Segment Open

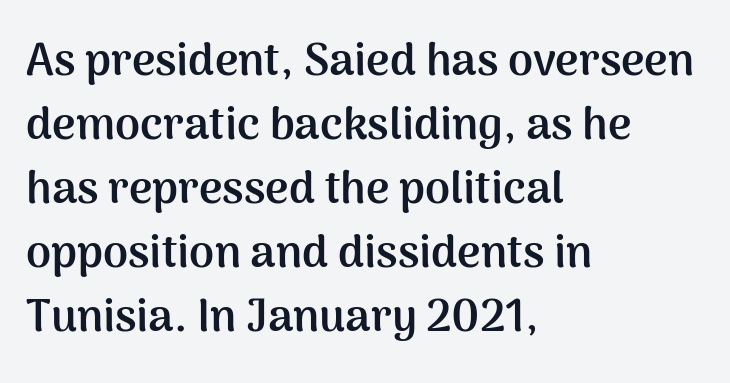
Q: Is the text bold? A: Yes.
Q: Is the text italic (slanted)? A: No, it is upright.
Q: Is the typeface a serif or a sans-serif typeface? A: Sans-serif.
Q: Is the text underlined? A: No.
Q: How is the paragraph aligned? A: Left-aligned.
Q: Is the spacing between letters normal or unusually wide? A: Normal.
Q: Is the spacing between lines tight, normal or loose? A: Normal.
Q: Width (condensed, normal, or wide)? A: Normal.
Q: Stroke contrast? A: Medium.
Q: x-height? A: Medium.
Q: Monospaced? A: No.
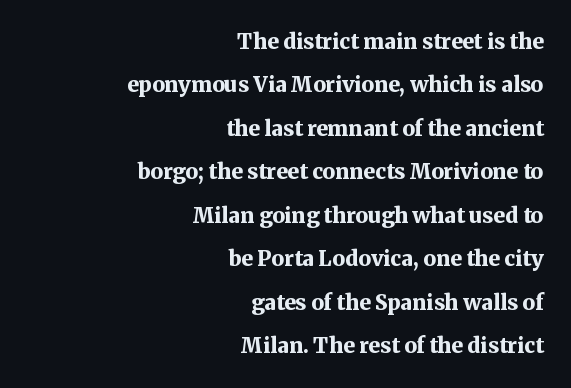
The image shows 21 px bold type, upright; set right-aligned, loose line spacing (2.07x), normal letter spacing, not underlined.
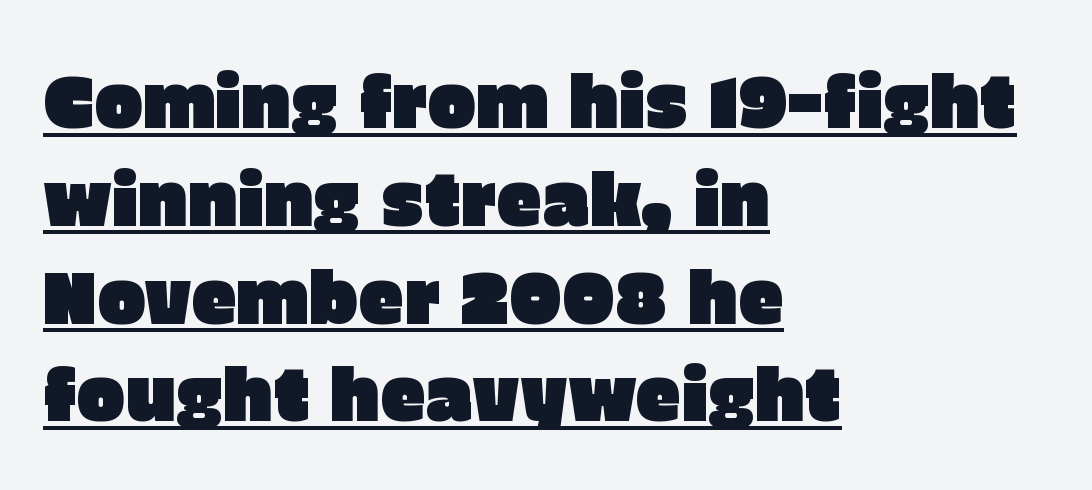
Q: Is the text italic (slanted)? A: No, it is upright.
Q: Is the typeface a serif or a sans-serif typeface? A: Sans-serif.
Q: Is the text underlined? A: Yes.
Q: How is the paragraph aligned? A: Left-aligned.
Q: Is the spacing between letters normal or unusually wide? A: Normal.
Q: Is the spacing between lines tight, normal or loose? A: Normal.
Q: Width (condensed, normal, or wide)? A: Normal.
Q: Stroke contrast? A: Low.
Q: x-height? A: Large.
Q: Monospaced? A: No.
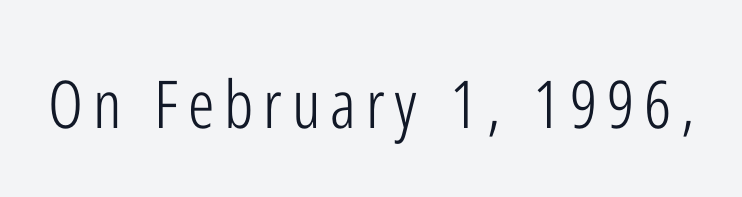
{"serif": "no", "italic": "no", "bold": "no", "weight": "light", "width": "condensed", "stroke_contrast": "low", "x_height": "medium", "monospaced": "no", "underline": "no", "glyph_px": 66}
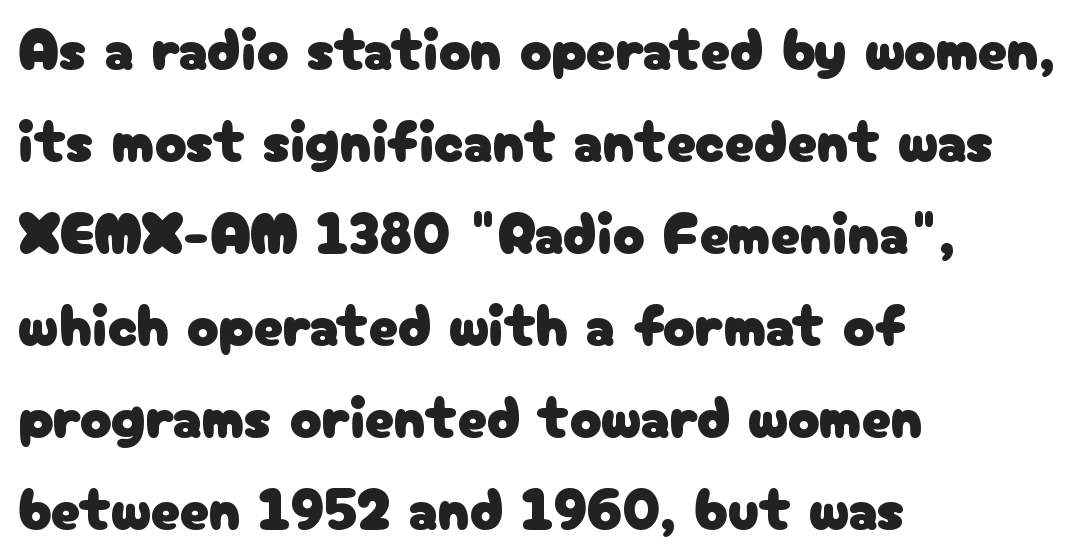
Q: Is the text italic (slanted)? A: No, it is upright.
Q: Is the typeface a serif or a sans-serif typeface? A: Sans-serif.
Q: Is the text underlined? A: No.
Q: How is the paragraph aligned? A: Left-aligned.
Q: Is the spacing between letters normal or unusually wide? A: Normal.
Q: Is the spacing between lines tight, normal or loose? A: Normal.
Q: Width (condensed, normal, or wide)? A: Normal.
Q: Stroke contrast? A: Low.
Q: x-height? A: Medium.
Q: Monospaced? A: No.
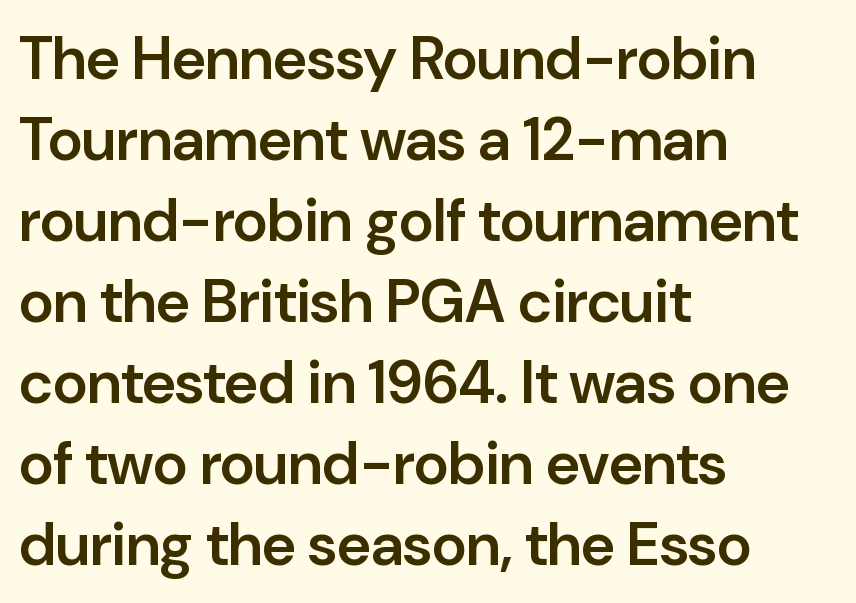
The tracking reads as untouched default to a designer's eye. These lines carry some extra weight — a demibold, not a full bold. The rows are spaced the way most documents space them. Check where the strokes stop: nothing finishes them off — pure sans. If you drew a line through each stem, it would be perfectly vertical. Do the characters align in a grid? No, the font is proportional.
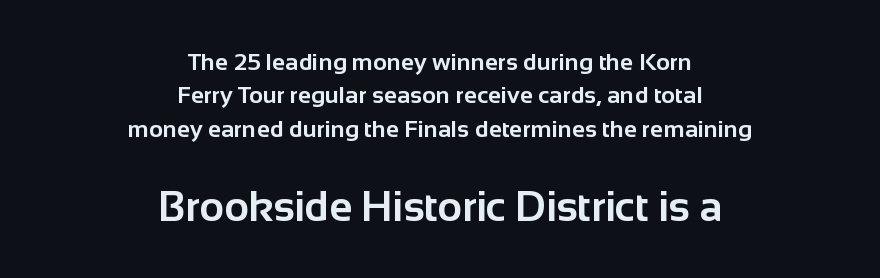
Q: Is the text bold? A: Yes.
Q: Is the text italic (slanted)? A: No, it is upright.
Q: Is the typeface a serif or a sans-serif typeface? A: Sans-serif.
Q: Is the text underlined? A: No.
Q: How is the paragraph aligned? A: Centered.
Q: Is the spacing between letters normal or unusually wide? A: Normal.
Q: Is the spacing between lines tight, normal or loose? A: Normal.
Q: Which block of text is set in a larger size, the first (top) or the second (bottom)? A: The second (bottom) one.
Q: Width (condensed, normal, or wide)? A: Normal.
Q: Stroke contrast? A: Low.
Q: x-height? A: Medium.
Q: Monospaced? A: No.
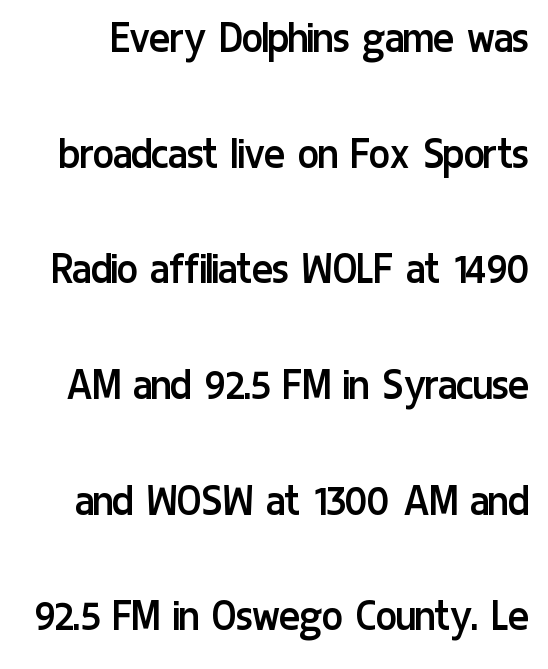
Q: Is the text bold? A: No.
Q: Is the text italic (slanted)? A: No, it is upright.
Q: Is the typeface a serif or a sans-serif typeface? A: Sans-serif.
Q: Is the text underlined? A: No.
Q: Is the spacing between letters normal or unusually wide? A: Normal.
Q: Is the spacing between lines tight, normal or loose? A: Loose.
Q: Width (condensed, normal, or wide)? A: Condensed.
Q: Stroke contrast? A: Low.
Q: x-height? A: Medium.
Q: Monospaced? A: No.
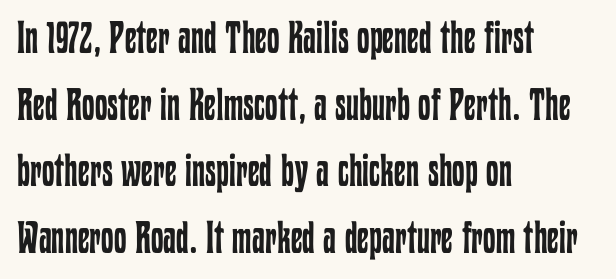
The image shows 45 px regular-weight, condensed type, upright; set left-aligned, normal line spacing (1.48x), normal letter spacing, not underlined; low stroke contrast and a medium x-height.
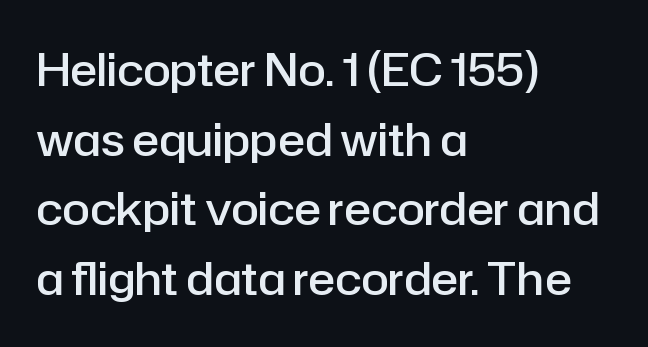
The letters carry no serifs — their stems end cleanly without finishing strokes. Is there any slant? The stems are plumb. A fair bit of extra ink — the face is semibold, not bold. Character widths vary here, with narrow letters taking less room than wide ones. Descender tails drop into unmarked territory. Leftover space on each line is placed entirely after the last word.
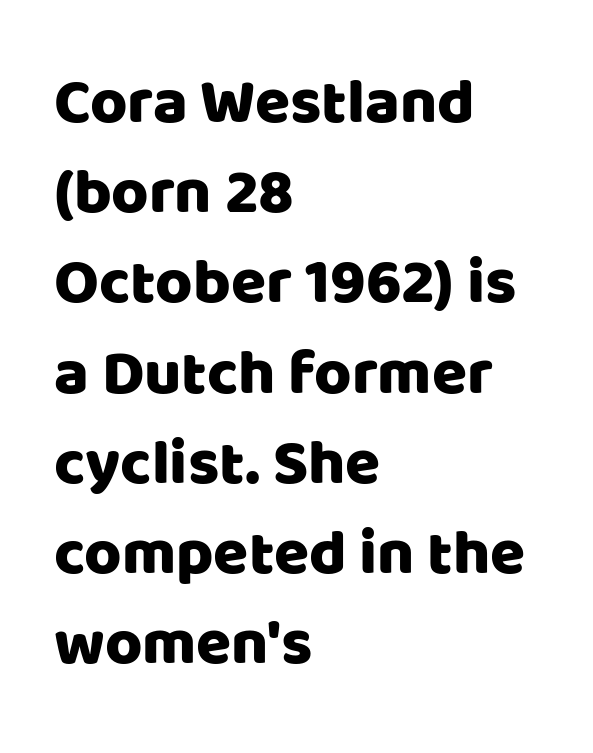
Letterform terminals end flat and unadorned throughout the passage. The type sits square on the baseline with zero lean. The horizontal fit of the characters is conventional and even. The rendering uses natural spacing where letterforms have individual widths. Caption: multi-line text, flush left, ragged right. Horizontal bands of white between lines are of average thickness.
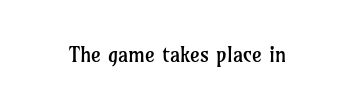
{"italic": "no", "bold": "no", "underline": "no", "letter_spacing": "normal", "letter_spacing_em": 0.0, "glyph_px": 21}
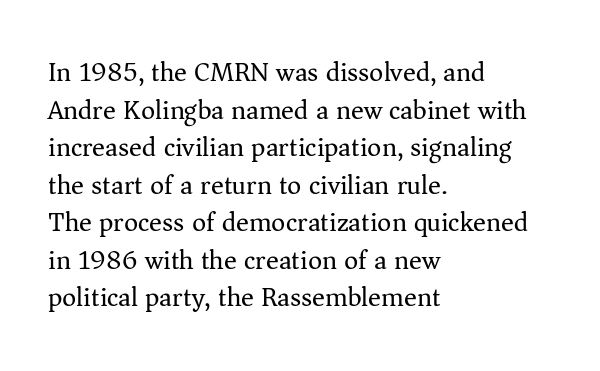
The image shows 27 px text type, upright; set left-aligned, normal line spacing (1.39x), normal letter spacing, not underlined.
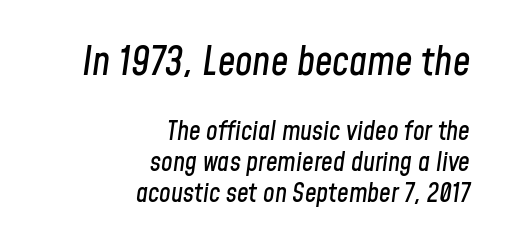
{"italic": "yes", "lean": "right", "slant_degrees": 8, "width": "condensed", "stroke_contrast": "low", "x_height": "medium", "monospaced": "no", "underline": "no", "align": "right", "line_spacing_ratio": 1.2, "letter_spacing": "normal", "letter_spacing_em": 0.0, "larger_block": "first", "size_ratio": 1.5, "glyph_px": 39}
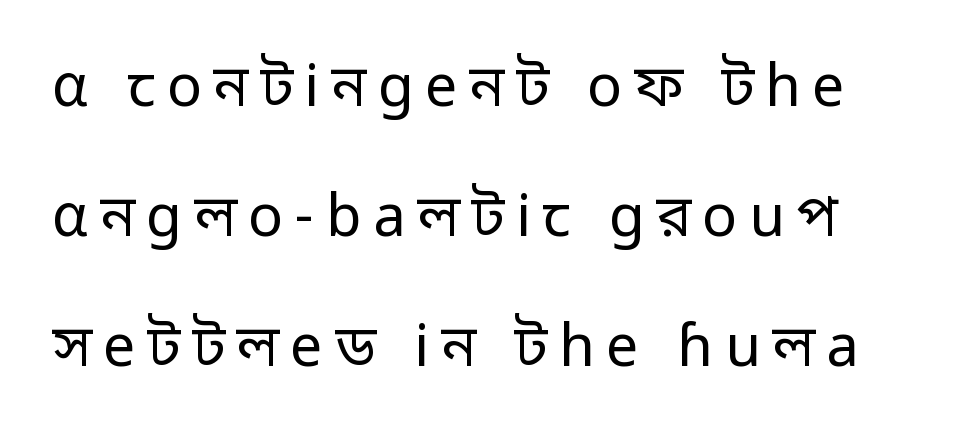
Serifs: no, the terminals of the letterforms are clean. It's the straight-up-and-down kind of type. Lines of text with bare space underneath. The letters look calm and open, with moderate or lighter stems. Spacing between characters has been opened up far beyond the box default. Is this a fixed-width face? No — the glyphs have proportional, varying widths.
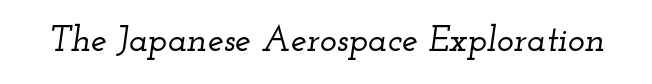
Q: Is the text italic (slanted)? A: Yes, it leans right by about 12 degrees.
Q: Is the typeface a serif or a sans-serif typeface? A: Serif.
Q: Is the text underlined? A: No.
Q: Is the spacing between letters normal or unusually wide? A: Normal.
Q: Width (condensed, normal, or wide)? A: Wide.
Q: Stroke contrast? A: Low.
Q: x-height? A: Small.
Q: Monospaced? A: No.
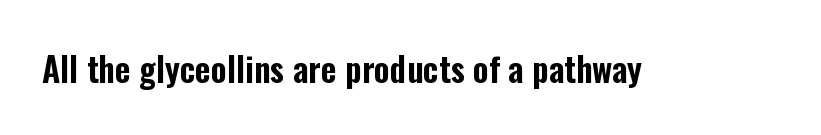
The image shows 34 px condensed sans-serif type, upright; set normal letter spacing, not underlined; low stroke contrast and a medium x-height.

Segment Closed

- **Work instructions**
State how many lines of the data above contain the string "strokes", and give no other words.

- **Answer space**
2